(Collected data entries)
--

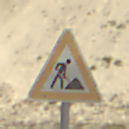
Verkehrszeichen: Arbeitsstelle
Umgebung: Outdoor, Beach
Tageszeit: Midday
Wetter: PartlyCloudy
Licht: Natural
Jahreszeit: NotSpecified
Kontrast: HighContrast
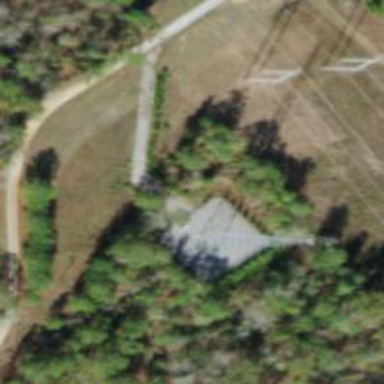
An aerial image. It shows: Man-made mast used for communication purposes.
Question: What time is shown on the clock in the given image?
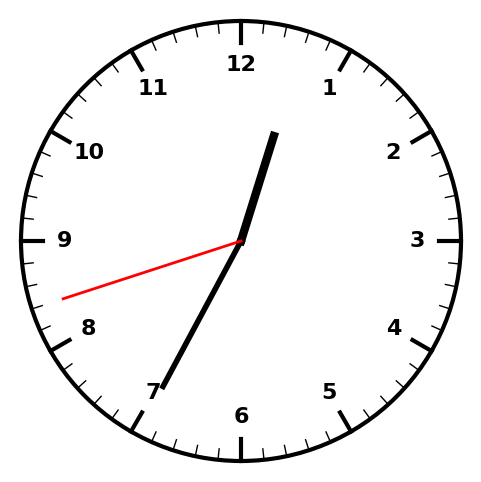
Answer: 12:34:42
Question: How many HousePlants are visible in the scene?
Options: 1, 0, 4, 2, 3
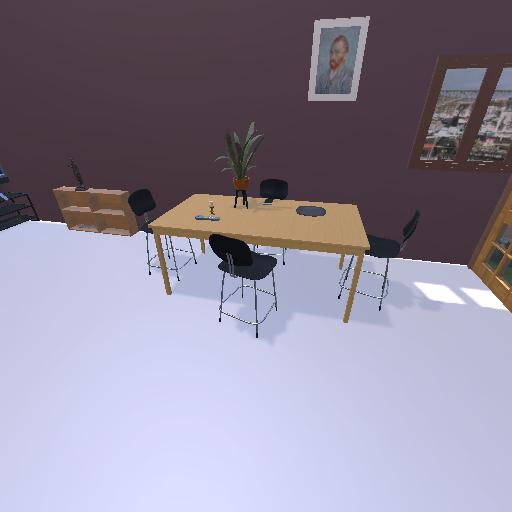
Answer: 1
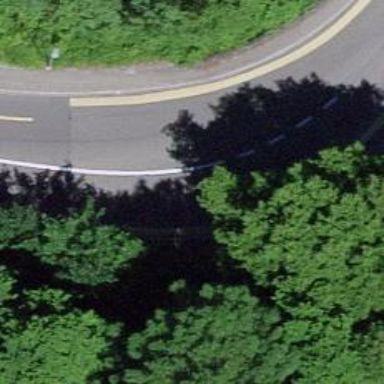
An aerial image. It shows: Bus stop along the road.
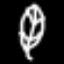
Label: leaf
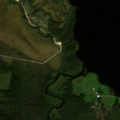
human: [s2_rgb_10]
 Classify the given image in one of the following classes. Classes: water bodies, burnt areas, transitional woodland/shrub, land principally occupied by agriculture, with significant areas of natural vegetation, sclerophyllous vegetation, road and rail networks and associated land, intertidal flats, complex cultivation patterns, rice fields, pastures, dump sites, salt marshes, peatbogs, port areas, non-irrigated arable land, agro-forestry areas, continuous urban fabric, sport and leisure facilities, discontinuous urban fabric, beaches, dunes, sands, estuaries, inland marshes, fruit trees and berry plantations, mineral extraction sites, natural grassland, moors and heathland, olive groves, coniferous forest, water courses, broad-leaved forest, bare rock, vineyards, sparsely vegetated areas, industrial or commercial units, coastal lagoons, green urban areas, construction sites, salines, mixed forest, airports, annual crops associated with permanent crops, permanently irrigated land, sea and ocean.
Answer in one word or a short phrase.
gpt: coniferous forest, transitional woodland/shrub, peatbogs, water bodies

--

## Task instructions:
Give only the number of lines in the entries above that hold the string "bodies".

## Task result:
2